In 2007—in fact, in the middle of the UCSF/Mayo study—the weight of evidence from available research and from a successful male plasma mandate in the U.K. led the AABB to issue a recommendation that all plasma come from males and never-pregnant females. “For the most part, blood centers had done that, but some had not done it for AB plasma,” says Patricia Kopko, MD, professor of pathology and director of transfusion medicine at the University of California, San Diego, and a member of the AABB’s TRALI task force.

Since AB type plasma is universal plasma, there is high demand for it. But while hospitals need about 11 percent AB plasma, only about four percent of blood donors are AB. So switching to all male plasma would essentially double blood centers’ problems on the supply side, Dr. Kopko explains.

After looking at the data, however, the TRALI task force saw a distinct pattern. “Most TRALI cases from plasma were from AB plasma,” Dr. Kopko says. So the task force decided it was time for a standard; it would argue for a requirement that all plasma, regardless of blood group, come from male donors.

According to studies, about 20 percent of multiparous women have anti-HLA antibodies—the more pregnancies they had had, the higher the HLA antibodies, Dr. Gandhi says. This finding had the most implications for plasma. “When we talk about blood products, we tend to refer to the ‘red product’ and the ‘yellow product,’ because when we split whole blood into its components, the red cells would have very little plasma, and fresh frozen plasma and platelets would have a lot of plasma. So the yellow products would have much higher antibody levels, even though studies show red cells may also cause TRALI.”
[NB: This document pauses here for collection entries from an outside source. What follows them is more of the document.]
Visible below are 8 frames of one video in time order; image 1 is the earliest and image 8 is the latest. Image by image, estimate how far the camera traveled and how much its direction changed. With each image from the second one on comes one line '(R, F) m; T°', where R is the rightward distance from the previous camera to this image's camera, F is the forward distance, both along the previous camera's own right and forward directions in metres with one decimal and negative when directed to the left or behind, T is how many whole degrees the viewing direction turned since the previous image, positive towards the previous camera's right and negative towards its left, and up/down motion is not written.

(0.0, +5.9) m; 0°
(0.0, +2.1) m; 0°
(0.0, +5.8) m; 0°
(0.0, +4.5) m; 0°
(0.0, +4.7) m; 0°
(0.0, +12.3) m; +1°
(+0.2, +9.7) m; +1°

In the AABB’s guideline, male-predominant plasma was recommended. “Most of the centers did go down that path, and some donor centers stopped taking female donors as plasma apheresis, with the exception of AB plasma because it was difficult to meet the needs,” Dr. Gandhi adds.

Meanwhile, improvement started becoming apparent; statistics on incidence of TRALI show that the screening measures were having an impact after 2006. “We could actually show the number of TRALI cases decreased substantially when the policy was put in place,” says Steven Kleinman, MD, senior medical advisor for the AABB and chair of the TRALI task force.
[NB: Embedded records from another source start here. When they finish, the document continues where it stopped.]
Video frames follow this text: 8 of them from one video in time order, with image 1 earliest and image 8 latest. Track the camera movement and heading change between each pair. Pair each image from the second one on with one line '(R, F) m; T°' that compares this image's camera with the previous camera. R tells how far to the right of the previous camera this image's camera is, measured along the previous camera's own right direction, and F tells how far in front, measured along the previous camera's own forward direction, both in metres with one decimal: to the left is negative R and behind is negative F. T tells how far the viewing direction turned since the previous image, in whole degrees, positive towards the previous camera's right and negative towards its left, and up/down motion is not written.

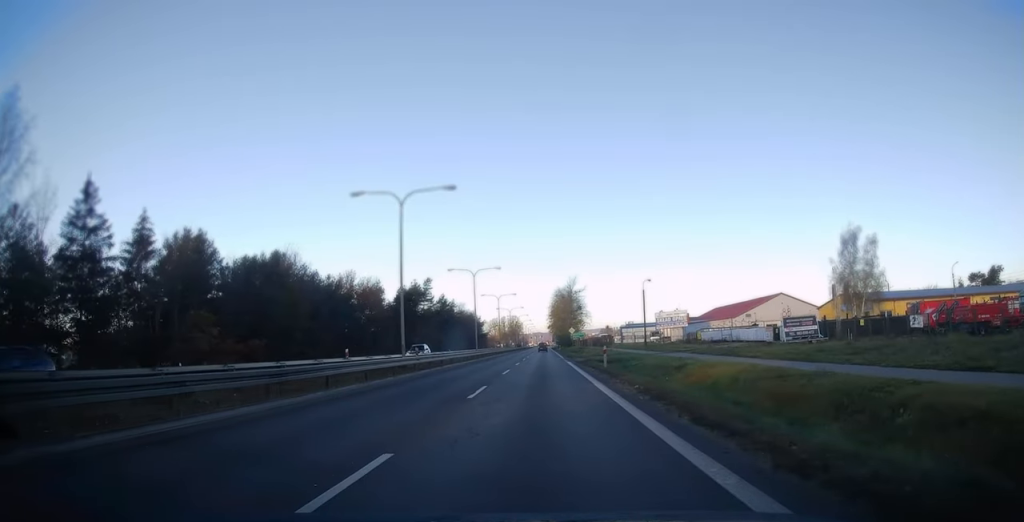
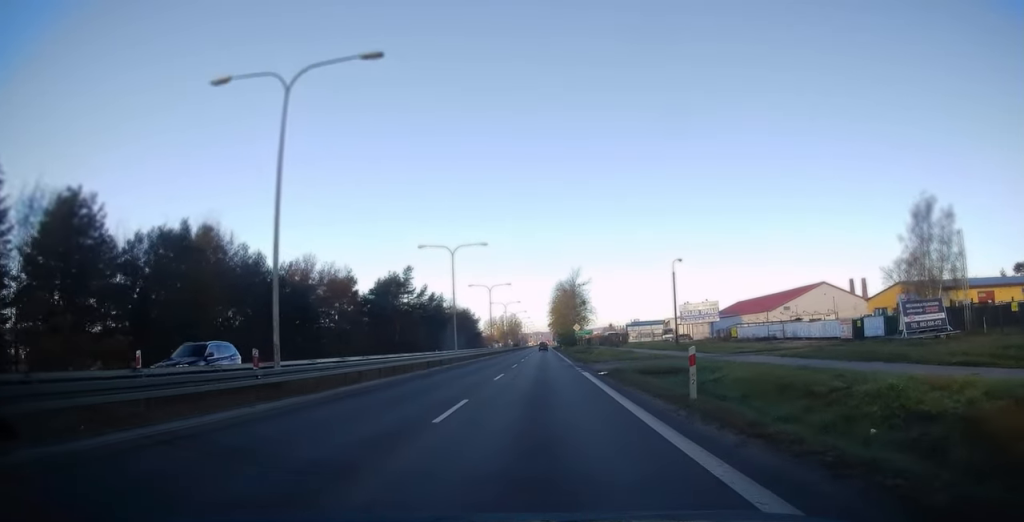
(+0.4, +17.0) m; 0°
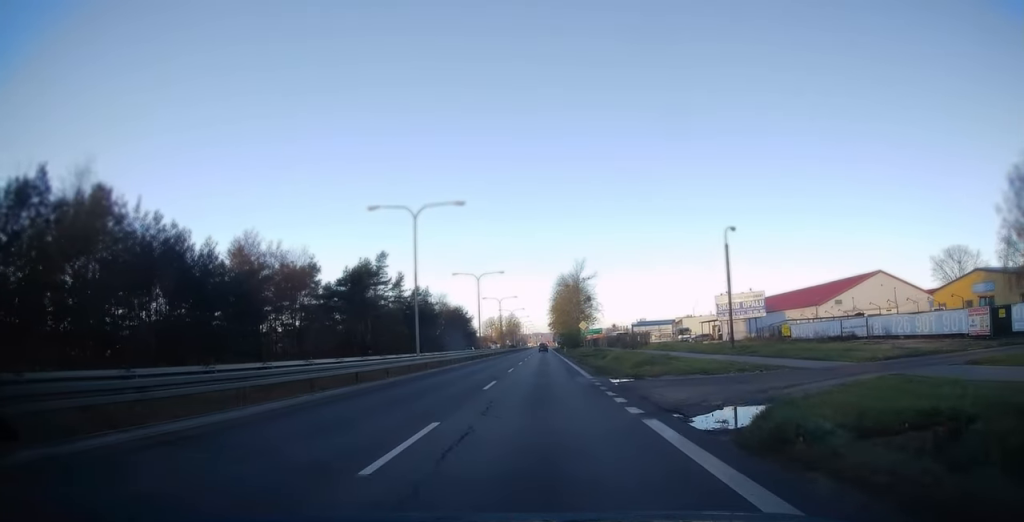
(-0.3, +16.5) m; 0°
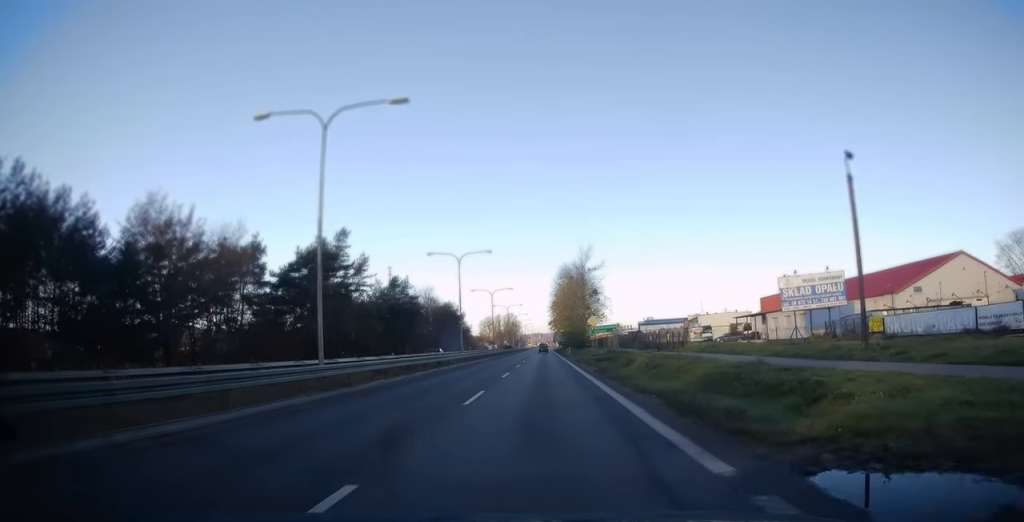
(+0.3, +17.1) m; 0°
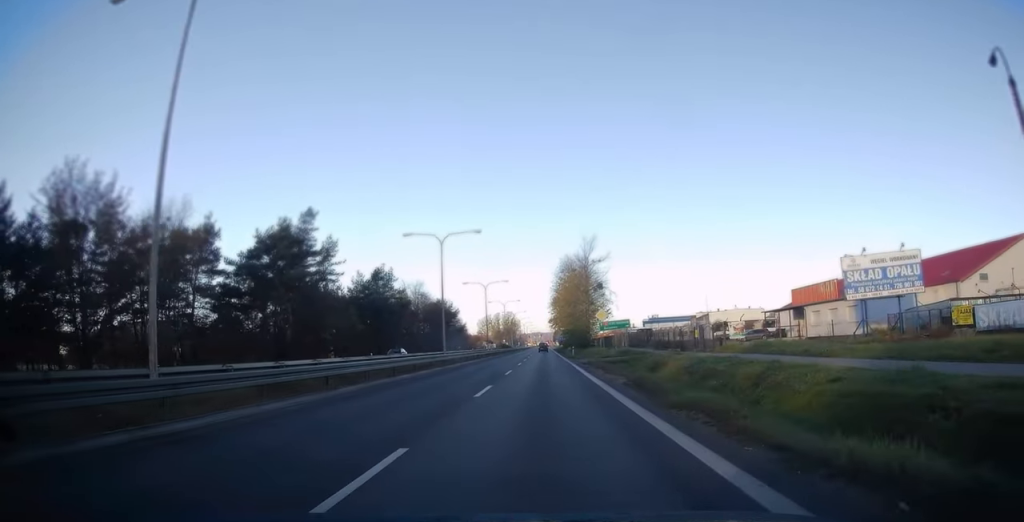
(-0.1, +10.2) m; -1°
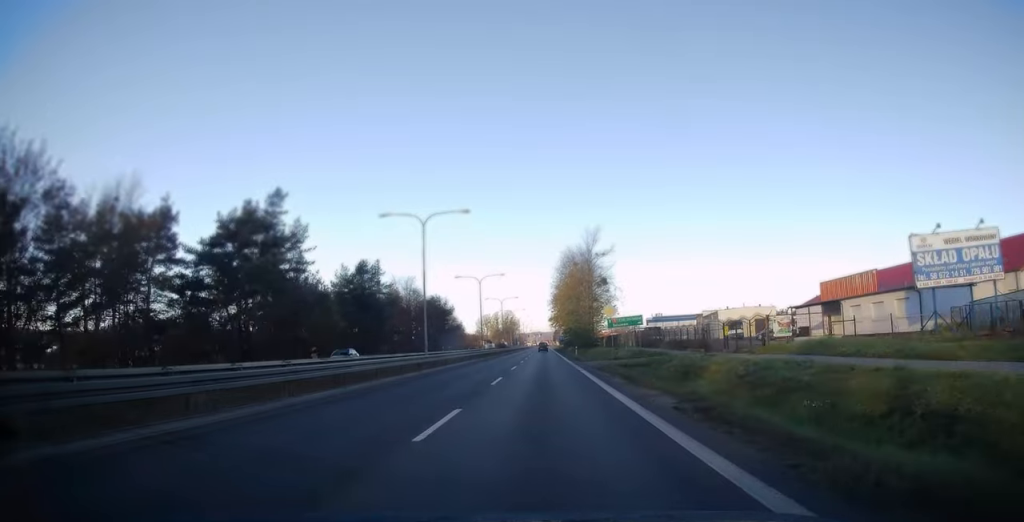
(-0.1, +7.4) m; -1°
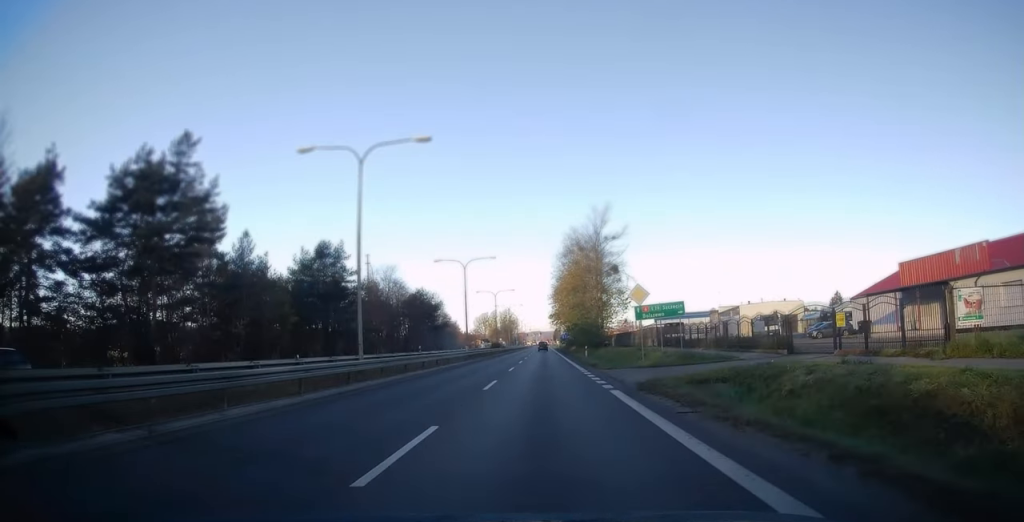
(0.0, +14.8) m; 0°
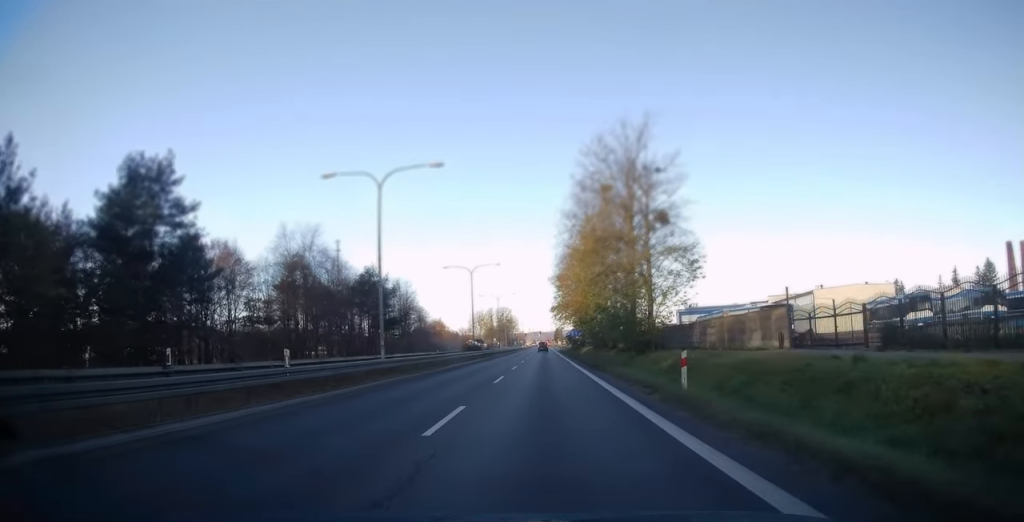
(+0.7, +33.5) m; +1°

When the American Red Cross looked at its numbers for plasma, the risk was significantly decreased with implementation of predominantly male plasma. The ARC is still implementing the policy in AB plasma and a lot of the TRALI they had was AB females, Dr. Kopko says. “That data was part of what led the AABB TRALI task force to say there was enough evidence to go forward with the new standard.”

Coincidentally, and unfortunately, these new restrictions on plasma for transfusion have been happening at the same time that use of group AB plasma has increased dramatically because of “massive transfusion” protocols, practiced by the military and extended to the civilian population.